Singles from All Killer No Filler
- "Fat Lip" Released: April 22, 2001; "In Too Deep" Released: September 4, 2001; "Motivation" Released: January 5, 2002;

= All Killer No Filler =

All Killer No Filler is the debut studio album (Note: Some sources consider Half Hour of Power a studio album and other sources consider it an extended play.) by Canadian rock band Sum 41, released on May 8, 2001. It was certified platinum in the United States, Canada, and in the UK.

Despite mixed reviews, the album was a commercial success, peaking at No. 13 on the Billboard 200. The single, "Fat Lip" peaked at No. 1 on the Billboard Alternative Airplay.

==Composition, music, and influences==
The album's style has been described as pop punk and skate punk. Additionally, Loudwire stated that the album represented scene music. NOFX's album Punk in Drublic was a considerable influence on the album. Sum 41's vocalist/rhythm guitarist Deryck Whibley cites Rancid, Elvis Costello, the Beatles, and Pennywise as influences on All Killer No Filler. The band has mentioned Green Day as their main influence for the album. "I was about 14 when Dookie came out," Whibley says. "I remember seeing the video for 'Basket Case' for the first time... It had so much energy and it was so different. I'd never seen anything like it before. From then I was an instant fan."

Absolutepunk described the album as "the album that your parents don't want you to discover at age 11 when you're just starting to think that school is bullshit and the only thing that really matters is that ridiculously cute girl who honestly treats you like shit", as well as adding "The lyrics are broad enough that everyone can relate to them, but specific enough that each song makes you think of a certain person or situation in your life. The perfect balance".

Drummer Steve Jocz wrote "Pain for Pleasure" in 10 minutes while he was on the toilet. The song, sung by Jocz, is an homage to the style of Iron Maiden. During performances, the band takes on costumes and persona in that style.

==Release==
On March 8, 2001, All Killer No Filler was announced for release in two months' time. All Killer No Filler, which was Sum 41's first full-length album, was released on May 8, 2001. In August, the band performed at Edgefest II in Canada. In October, the band embarked on a headlining US tour, with support from Unwritten Law and Gob. Alongside the tour, the band performed on Saturday Night Live. In April 2002, the band went on a tour of the east coast US and Canada territories, with support from H_{2}O, and Autopilot Off. Following this, the band toured the US and Canada with Goldfinger. On April 6, 2011, a special edition of the album was released to celebrate the 10th anniversary of All Killer No Filler, exclusive to Japan.

From the initial success of the album, Deryck Whibley stated that it led him to "immediate embarrassment" stating that "I've always felt it wasn't that great, if I'm being honest," and "I never quite understood - to a point where it's almost like, when people tell me it means a lot to them or it was a really good album compared to other records, I always think they're lying."
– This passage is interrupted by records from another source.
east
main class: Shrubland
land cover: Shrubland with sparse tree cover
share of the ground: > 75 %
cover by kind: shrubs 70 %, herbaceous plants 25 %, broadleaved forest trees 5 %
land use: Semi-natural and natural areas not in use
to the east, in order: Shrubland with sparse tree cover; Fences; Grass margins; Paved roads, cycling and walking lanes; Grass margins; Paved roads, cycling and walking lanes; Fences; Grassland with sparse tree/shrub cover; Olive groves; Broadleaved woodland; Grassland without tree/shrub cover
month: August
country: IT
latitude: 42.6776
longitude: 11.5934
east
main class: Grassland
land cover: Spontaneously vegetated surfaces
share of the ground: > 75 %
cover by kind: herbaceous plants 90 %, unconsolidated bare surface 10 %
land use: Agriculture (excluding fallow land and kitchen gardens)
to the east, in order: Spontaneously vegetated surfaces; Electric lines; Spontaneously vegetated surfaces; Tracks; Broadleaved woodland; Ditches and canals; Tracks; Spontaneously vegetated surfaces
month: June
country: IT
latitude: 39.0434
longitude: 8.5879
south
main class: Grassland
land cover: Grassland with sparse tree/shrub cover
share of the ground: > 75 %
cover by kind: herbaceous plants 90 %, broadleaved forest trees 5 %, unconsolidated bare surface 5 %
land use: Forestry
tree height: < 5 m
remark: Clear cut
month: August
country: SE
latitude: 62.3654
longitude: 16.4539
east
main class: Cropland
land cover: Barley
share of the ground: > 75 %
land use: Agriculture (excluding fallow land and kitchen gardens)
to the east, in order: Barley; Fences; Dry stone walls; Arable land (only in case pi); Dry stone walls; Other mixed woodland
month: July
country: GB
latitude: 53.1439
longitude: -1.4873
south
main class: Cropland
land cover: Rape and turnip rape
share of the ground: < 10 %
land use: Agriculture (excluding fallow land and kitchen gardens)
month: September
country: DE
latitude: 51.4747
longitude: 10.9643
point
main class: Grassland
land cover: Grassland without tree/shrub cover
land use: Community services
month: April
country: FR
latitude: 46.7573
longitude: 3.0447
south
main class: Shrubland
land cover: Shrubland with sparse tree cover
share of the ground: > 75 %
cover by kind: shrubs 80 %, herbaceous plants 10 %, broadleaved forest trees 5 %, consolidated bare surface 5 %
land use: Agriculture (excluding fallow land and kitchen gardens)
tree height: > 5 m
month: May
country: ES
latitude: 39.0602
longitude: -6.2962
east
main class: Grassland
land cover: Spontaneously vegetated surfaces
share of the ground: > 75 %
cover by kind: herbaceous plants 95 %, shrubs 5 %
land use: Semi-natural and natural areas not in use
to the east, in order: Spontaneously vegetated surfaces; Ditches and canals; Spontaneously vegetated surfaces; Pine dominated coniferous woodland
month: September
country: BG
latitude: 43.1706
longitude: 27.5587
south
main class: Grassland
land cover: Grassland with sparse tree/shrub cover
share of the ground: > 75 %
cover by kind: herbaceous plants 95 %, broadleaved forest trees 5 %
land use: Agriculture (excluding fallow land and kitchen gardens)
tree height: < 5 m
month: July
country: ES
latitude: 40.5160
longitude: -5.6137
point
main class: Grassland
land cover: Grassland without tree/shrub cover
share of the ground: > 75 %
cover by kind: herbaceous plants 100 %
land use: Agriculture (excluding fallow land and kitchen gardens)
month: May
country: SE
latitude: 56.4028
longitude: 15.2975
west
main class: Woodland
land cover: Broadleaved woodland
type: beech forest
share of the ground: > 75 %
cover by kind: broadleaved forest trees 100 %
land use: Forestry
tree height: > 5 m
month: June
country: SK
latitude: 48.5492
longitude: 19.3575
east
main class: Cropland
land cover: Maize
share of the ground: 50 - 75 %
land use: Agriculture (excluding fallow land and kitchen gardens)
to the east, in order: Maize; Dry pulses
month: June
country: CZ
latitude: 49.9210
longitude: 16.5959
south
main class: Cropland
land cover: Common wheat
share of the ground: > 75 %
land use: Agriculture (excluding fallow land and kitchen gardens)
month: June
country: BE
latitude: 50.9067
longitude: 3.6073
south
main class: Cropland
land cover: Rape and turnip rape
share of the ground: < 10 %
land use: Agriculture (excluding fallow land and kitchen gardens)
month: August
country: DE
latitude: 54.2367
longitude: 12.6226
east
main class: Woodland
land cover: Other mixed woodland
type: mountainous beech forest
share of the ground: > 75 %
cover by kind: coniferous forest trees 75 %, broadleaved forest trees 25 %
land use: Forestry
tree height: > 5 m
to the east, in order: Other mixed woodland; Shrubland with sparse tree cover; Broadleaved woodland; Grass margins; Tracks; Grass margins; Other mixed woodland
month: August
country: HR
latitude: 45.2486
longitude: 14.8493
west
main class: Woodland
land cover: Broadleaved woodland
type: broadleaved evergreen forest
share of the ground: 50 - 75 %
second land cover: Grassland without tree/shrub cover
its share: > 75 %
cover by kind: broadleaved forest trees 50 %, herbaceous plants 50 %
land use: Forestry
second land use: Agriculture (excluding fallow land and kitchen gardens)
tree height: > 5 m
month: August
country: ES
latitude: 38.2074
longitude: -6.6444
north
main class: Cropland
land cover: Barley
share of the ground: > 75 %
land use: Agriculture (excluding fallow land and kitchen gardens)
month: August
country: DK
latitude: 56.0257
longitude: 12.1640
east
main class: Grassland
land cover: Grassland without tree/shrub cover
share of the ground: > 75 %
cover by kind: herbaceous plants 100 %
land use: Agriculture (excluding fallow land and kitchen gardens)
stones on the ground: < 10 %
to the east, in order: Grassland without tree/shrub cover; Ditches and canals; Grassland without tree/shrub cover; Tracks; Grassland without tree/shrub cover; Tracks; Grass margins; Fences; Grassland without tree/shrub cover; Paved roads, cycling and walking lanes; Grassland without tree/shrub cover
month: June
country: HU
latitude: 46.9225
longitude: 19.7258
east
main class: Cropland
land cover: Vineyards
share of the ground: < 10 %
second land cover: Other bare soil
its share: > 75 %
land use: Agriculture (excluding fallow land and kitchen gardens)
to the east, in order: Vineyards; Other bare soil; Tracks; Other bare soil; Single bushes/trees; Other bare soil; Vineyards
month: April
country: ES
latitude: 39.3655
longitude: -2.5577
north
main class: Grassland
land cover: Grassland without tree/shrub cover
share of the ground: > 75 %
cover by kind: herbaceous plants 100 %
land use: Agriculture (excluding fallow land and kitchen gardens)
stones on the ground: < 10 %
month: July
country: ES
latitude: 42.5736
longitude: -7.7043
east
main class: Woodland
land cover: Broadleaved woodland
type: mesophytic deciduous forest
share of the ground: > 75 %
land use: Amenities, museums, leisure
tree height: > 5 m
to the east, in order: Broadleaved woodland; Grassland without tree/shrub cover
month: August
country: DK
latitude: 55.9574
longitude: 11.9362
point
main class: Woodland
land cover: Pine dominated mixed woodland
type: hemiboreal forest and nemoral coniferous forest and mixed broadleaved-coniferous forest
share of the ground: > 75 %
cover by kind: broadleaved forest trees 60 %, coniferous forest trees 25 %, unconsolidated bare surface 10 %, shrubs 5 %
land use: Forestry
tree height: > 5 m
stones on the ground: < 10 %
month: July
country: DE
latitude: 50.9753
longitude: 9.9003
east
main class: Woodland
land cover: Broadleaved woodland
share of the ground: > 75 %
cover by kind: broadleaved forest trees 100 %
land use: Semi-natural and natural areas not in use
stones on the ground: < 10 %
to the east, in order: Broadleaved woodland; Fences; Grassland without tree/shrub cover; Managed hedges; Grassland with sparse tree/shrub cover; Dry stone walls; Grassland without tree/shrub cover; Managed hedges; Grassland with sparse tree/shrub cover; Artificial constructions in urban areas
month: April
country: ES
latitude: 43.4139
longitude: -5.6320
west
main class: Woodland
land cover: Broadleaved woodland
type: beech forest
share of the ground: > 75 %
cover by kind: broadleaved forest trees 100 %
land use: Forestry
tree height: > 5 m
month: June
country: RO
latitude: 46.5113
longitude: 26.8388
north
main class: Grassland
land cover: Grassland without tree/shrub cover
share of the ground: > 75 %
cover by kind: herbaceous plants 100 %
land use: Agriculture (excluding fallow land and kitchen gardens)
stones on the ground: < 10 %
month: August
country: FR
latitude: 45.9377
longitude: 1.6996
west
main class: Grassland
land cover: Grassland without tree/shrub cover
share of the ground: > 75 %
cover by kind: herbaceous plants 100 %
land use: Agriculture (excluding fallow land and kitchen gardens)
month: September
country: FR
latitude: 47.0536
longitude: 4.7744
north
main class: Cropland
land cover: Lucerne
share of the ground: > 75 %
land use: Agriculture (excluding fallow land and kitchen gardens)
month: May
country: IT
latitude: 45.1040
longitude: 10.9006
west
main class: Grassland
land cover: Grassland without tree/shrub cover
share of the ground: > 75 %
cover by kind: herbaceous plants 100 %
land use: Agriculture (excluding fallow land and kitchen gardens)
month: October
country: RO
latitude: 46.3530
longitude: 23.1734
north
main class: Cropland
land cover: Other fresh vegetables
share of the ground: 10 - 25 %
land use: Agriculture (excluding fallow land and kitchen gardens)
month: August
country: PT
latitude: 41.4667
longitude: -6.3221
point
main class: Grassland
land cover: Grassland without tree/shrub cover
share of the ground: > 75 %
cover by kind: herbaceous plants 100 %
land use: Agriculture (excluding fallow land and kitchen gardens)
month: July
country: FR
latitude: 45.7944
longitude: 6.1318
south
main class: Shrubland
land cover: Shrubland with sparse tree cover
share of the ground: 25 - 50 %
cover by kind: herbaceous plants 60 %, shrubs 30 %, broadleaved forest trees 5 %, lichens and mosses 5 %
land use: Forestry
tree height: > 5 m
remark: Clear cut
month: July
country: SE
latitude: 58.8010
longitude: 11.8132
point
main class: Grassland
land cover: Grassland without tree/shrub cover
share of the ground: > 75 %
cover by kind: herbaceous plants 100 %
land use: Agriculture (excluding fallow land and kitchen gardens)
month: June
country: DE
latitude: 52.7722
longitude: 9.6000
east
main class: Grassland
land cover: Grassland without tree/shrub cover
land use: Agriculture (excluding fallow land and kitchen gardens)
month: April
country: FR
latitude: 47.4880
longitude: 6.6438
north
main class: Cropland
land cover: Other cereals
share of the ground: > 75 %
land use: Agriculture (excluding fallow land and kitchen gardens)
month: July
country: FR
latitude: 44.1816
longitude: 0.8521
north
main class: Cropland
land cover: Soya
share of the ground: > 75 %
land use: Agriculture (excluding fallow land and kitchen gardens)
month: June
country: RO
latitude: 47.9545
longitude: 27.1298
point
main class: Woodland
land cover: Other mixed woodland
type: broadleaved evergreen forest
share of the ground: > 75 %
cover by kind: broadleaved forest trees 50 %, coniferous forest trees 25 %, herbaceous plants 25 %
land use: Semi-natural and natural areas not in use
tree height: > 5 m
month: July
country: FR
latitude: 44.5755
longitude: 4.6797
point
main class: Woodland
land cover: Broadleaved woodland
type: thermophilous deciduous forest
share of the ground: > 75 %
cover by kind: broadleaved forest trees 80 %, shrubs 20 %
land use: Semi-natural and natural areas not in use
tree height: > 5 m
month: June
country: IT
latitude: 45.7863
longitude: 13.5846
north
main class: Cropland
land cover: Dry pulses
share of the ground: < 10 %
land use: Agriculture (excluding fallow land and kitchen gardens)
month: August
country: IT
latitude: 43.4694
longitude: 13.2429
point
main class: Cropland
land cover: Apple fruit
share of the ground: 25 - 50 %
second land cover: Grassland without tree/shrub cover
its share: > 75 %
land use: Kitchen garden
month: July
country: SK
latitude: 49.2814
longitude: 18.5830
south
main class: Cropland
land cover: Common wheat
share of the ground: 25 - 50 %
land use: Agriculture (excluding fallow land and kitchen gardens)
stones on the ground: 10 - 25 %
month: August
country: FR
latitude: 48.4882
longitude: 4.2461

An exclusive version of the album with the black grid replaced with blue was released in the UK, along with featuring "Makes No Difference" as a bonus track, previously released in the band's first EP, Half Hour Of Power.

==Reception and commercial performance==

Despite initially receiving mixed reviews in 2001, the album has received retrospective acclaim in more recent years. AllMusic said "It would be a mistake to view Sum 41 as just another second-rate band cashing in on the early-'00s punk-pop boom, even if it did recruit Jerry Finn to produce All Killer No Filler." Top40.com ranked the album as the 9th greatest pop punk album of all time. The album was included in Rock Sounds 101 Modern Classics list at number 46. The album was included at number 11 on Rock Sounds "The 51 Most Essential Pop Punk Albums of All Time" list.

The album was a big commercial success; it was certified platinum by the Recording Industry Association of America in August 2001 and in 2002, it was reported that the album sold at least 1,690,000 copies in the United States. "Fat Lip" was the most successful song on All Killer No Filler, going to number 66 on the Billboard Hot 100 on September 8, 2001 and number 1 on the Alternative Songs chart on August 18, 2001. "In Too Deep" went to number 10 on the Alternative Songs chart on December 1, 2001. All Killer No Filler went to number 13 on the Billboard 200 on August 4, 2001, and was on the Billboard 200 for 49 weeks. During 2001, "Fat Lip" went to number 1 on MTV's Total Request Live many times. All Killer No Filler was among the top 30 best-selling albums of 2001 in Canada and the third-best selling album of the year in Canada by a Canadian artist. Between 1996 and 2016, All Killer No Filler was among the top 20 best-selling albums by Canadian bands in Canada.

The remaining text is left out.